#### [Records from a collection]
<<<<

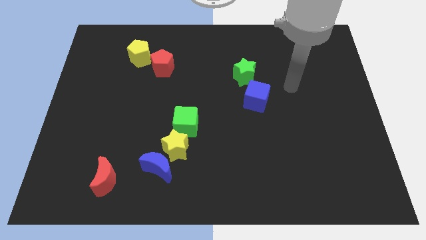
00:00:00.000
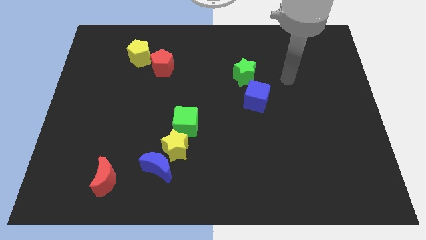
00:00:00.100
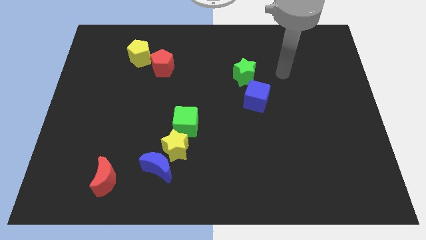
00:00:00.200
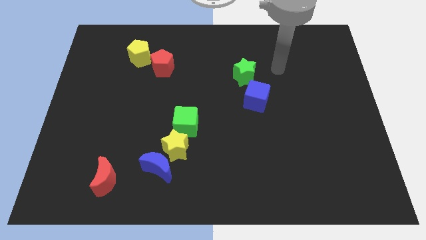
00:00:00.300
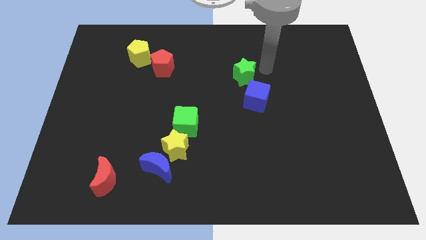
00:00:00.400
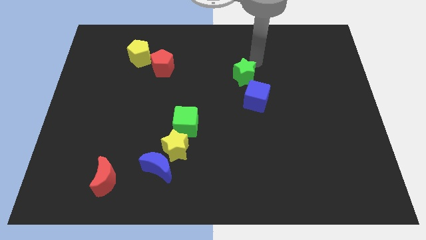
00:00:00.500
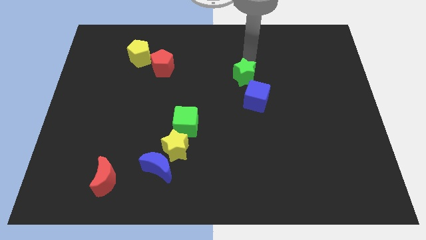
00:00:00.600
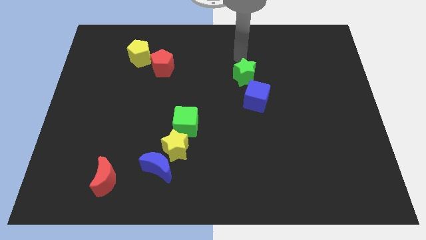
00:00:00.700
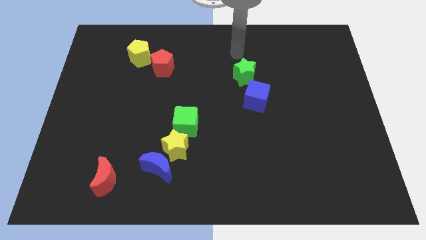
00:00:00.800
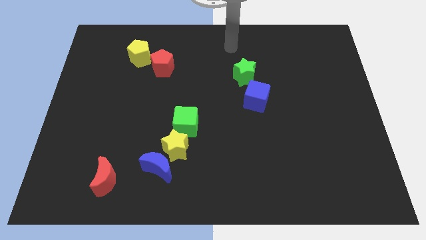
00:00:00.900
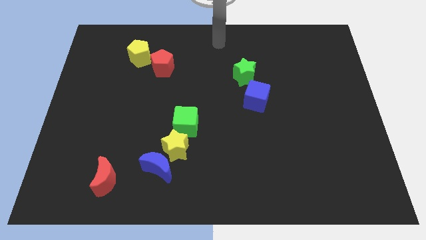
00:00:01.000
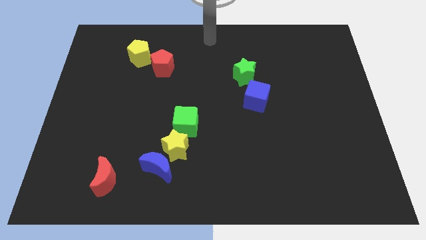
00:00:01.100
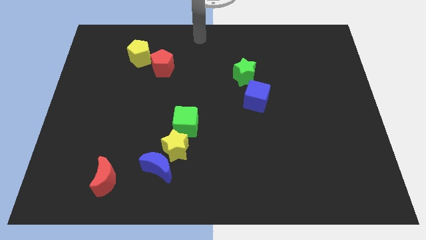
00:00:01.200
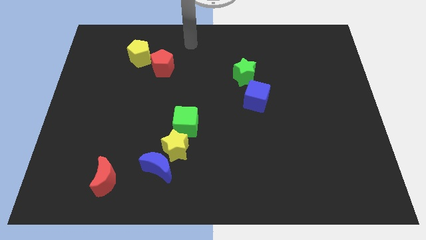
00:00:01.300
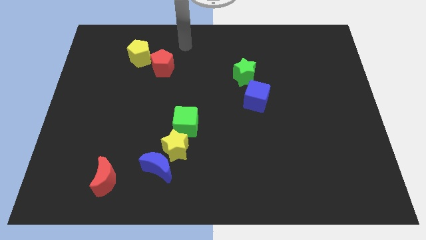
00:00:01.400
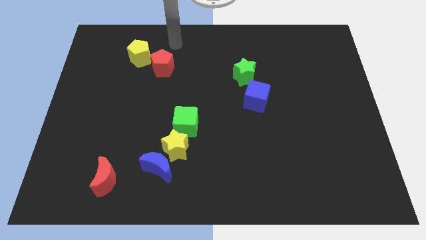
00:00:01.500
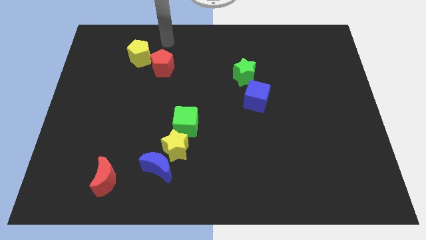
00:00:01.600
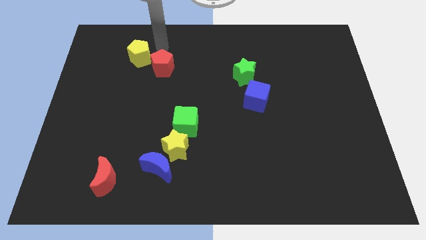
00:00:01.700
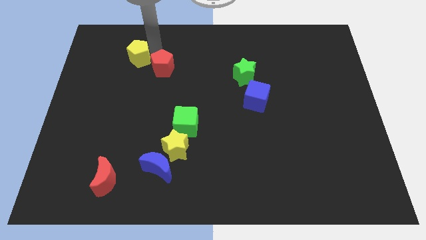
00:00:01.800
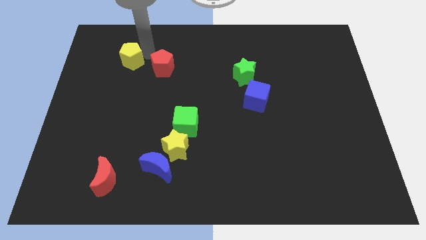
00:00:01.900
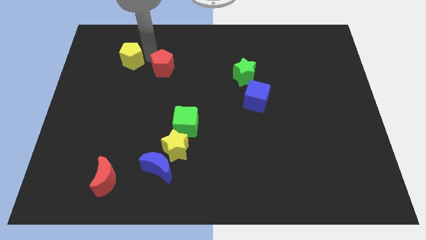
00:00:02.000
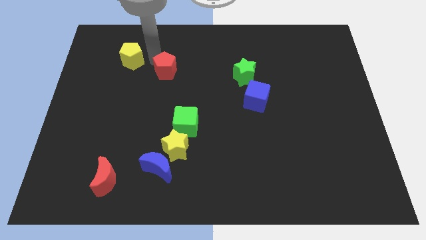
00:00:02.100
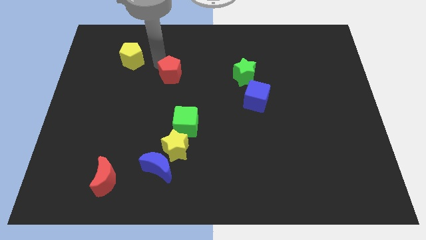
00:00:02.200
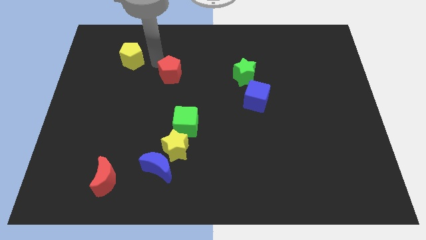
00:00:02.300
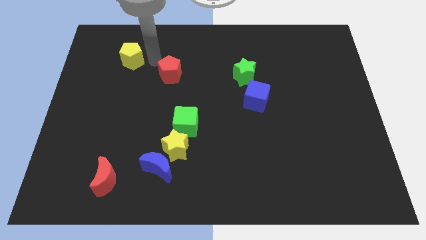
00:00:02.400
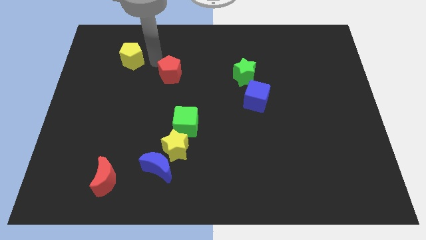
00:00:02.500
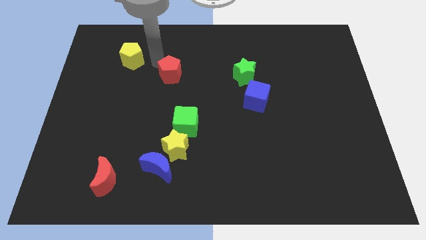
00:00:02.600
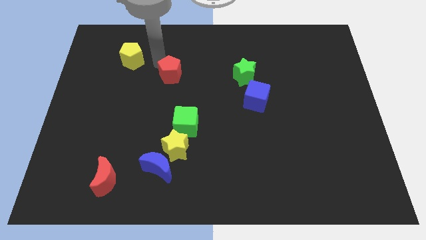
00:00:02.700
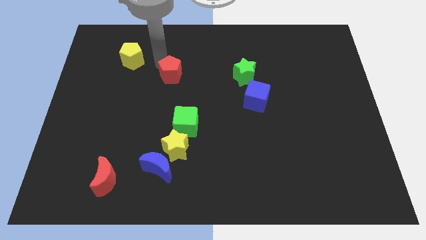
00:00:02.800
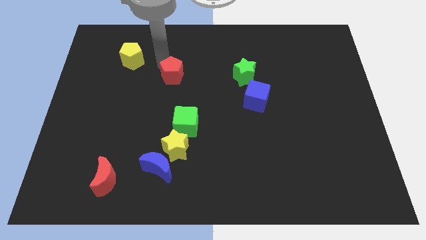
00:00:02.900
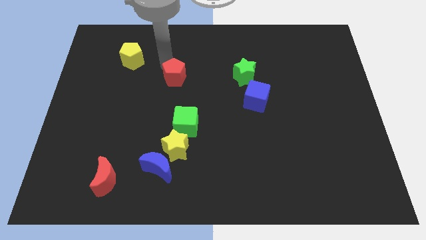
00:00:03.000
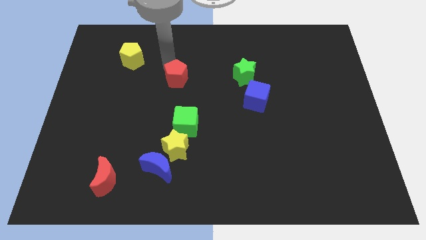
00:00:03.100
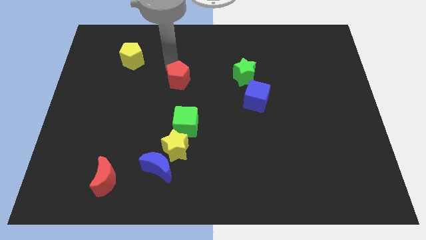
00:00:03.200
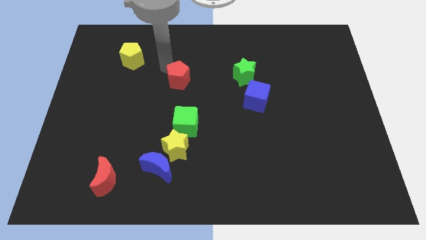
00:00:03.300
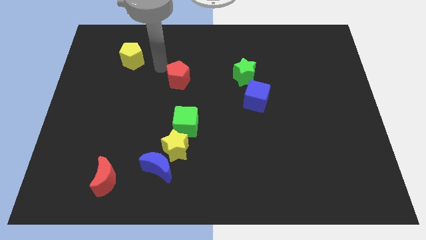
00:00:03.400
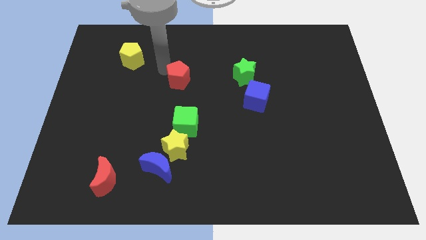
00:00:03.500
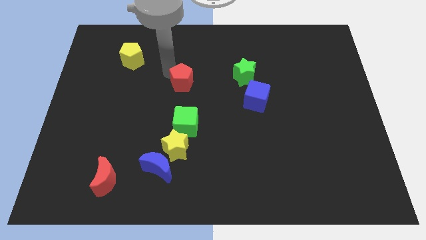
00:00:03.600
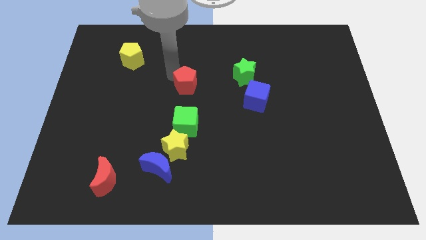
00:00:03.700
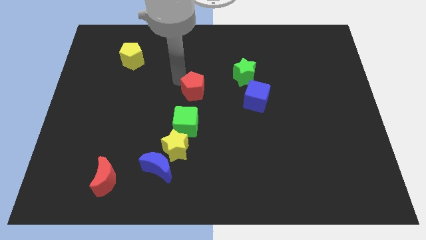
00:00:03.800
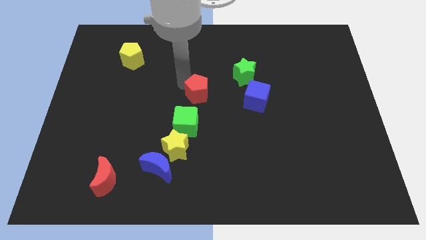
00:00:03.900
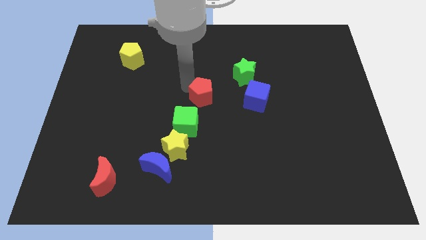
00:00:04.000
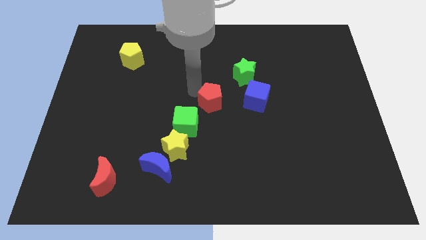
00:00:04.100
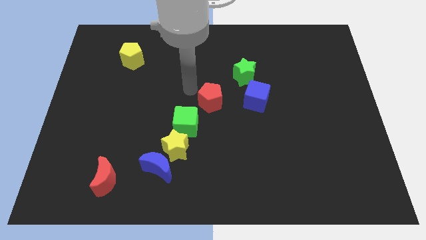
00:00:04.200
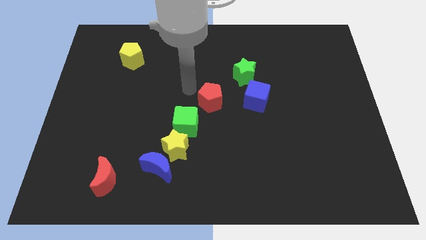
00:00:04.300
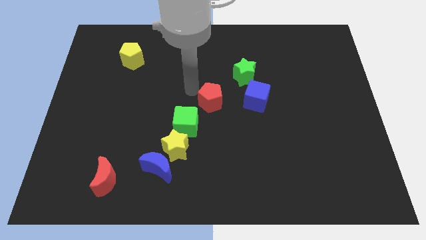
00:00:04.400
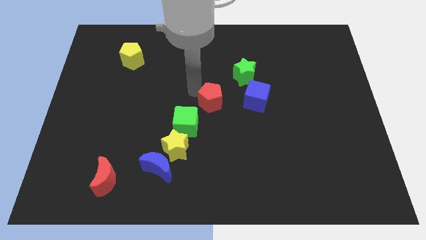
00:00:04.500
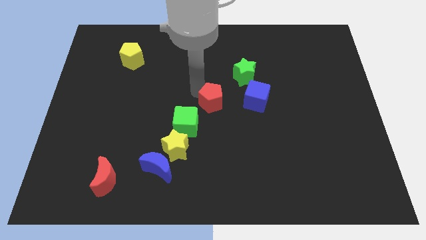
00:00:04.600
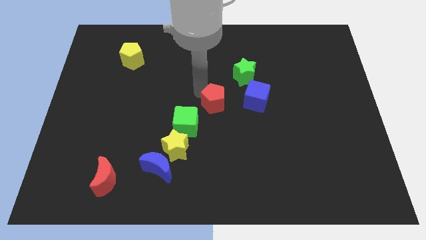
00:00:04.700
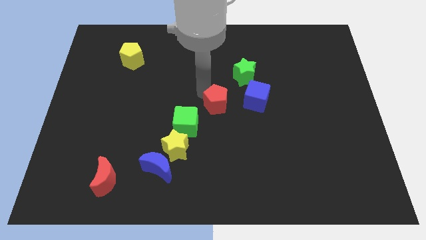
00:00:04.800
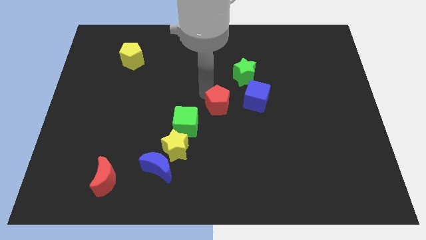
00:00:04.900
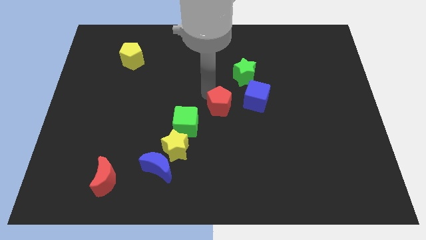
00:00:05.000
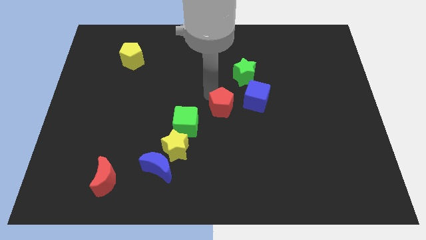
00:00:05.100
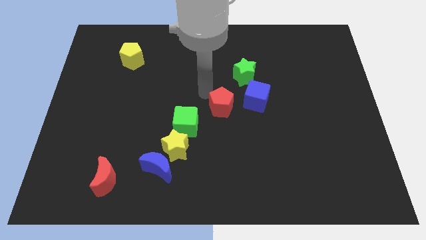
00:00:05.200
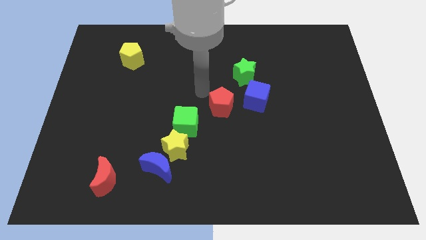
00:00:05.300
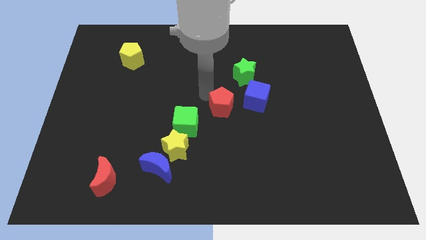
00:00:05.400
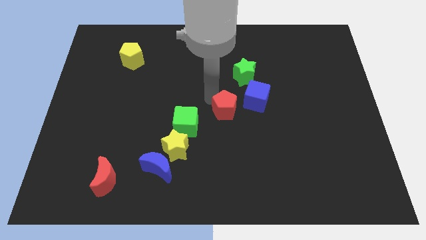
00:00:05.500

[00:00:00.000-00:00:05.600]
push the red pentagon downwards and to the right

>>>>

#### [Required work]
Each line between the one holding "00:00:00.500" and the one holding "00:00:03.800", inclusive, should be copied exactly as it appears above, and pictures should be omitted.

#### [Task response]
00:00:00.500
00:00:00.600
00:00:00.700
00:00:00.800
00:00:00.900
00:00:01.000
00:00:01.100
00:00:01.200
00:00:01.300
00:00:01.400
00:00:01.500
00:00:01.600
00:00:01.700
00:00:01.800
00:00:01.900
00:00:02.000
00:00:02.100
00:00:02.200
00:00:02.300
00:00:02.400
00:00:02.500
00:00:02.600
00:00:02.700
00:00:02.800
00:00:02.900
00:00:03.000
00:00:03.100
00:00:03.200
00:00:03.300
00:00:03.400
00:00:03.500
00:00:03.600
00:00:03.700
00:00:03.800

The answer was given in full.